ASSIGNMENT ::
Below is a listing. Gather each line of it that contains "typeface".

MATERIAL SHOWN ::

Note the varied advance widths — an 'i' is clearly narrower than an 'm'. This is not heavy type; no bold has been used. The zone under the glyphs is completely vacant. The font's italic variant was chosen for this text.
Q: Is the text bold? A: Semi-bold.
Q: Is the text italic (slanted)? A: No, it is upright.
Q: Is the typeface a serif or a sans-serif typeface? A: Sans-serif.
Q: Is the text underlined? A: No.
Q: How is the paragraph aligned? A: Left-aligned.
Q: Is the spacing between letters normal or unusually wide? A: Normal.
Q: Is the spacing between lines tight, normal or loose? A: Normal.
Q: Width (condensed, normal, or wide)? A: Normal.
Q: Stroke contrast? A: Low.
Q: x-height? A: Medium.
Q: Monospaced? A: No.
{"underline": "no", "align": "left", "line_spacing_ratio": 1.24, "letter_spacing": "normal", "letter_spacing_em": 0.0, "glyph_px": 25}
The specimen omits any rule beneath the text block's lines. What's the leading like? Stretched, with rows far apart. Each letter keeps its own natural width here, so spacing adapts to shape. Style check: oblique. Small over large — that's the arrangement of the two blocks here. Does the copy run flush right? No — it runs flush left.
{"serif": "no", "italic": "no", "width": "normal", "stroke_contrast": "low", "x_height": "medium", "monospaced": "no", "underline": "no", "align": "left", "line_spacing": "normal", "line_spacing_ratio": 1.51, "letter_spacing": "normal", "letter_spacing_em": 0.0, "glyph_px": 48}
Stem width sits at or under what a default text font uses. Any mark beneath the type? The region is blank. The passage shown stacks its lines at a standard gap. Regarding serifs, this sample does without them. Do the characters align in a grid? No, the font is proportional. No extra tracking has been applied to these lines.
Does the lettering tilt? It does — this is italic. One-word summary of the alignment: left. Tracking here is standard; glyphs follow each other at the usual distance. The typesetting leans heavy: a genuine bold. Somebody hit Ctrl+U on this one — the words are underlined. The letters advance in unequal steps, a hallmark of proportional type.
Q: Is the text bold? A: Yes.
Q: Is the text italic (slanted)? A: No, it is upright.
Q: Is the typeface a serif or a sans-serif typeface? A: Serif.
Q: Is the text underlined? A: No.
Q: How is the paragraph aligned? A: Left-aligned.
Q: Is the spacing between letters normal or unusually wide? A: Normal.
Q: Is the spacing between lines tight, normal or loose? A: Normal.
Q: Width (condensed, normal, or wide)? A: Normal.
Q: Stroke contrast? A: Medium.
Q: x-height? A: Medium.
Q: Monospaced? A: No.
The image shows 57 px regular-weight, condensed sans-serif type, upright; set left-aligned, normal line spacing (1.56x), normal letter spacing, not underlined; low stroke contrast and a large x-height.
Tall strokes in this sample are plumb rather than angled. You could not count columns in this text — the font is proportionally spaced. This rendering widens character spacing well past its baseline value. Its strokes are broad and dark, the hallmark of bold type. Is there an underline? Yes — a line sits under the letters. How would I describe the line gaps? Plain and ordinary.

WRITTEN SOLUTION ::
Q: Is the typeface a serif or a sans-serif typeface? A: Sans-serif.
Q: Is the typeface a serif or a sans-serif typeface? A: Serif.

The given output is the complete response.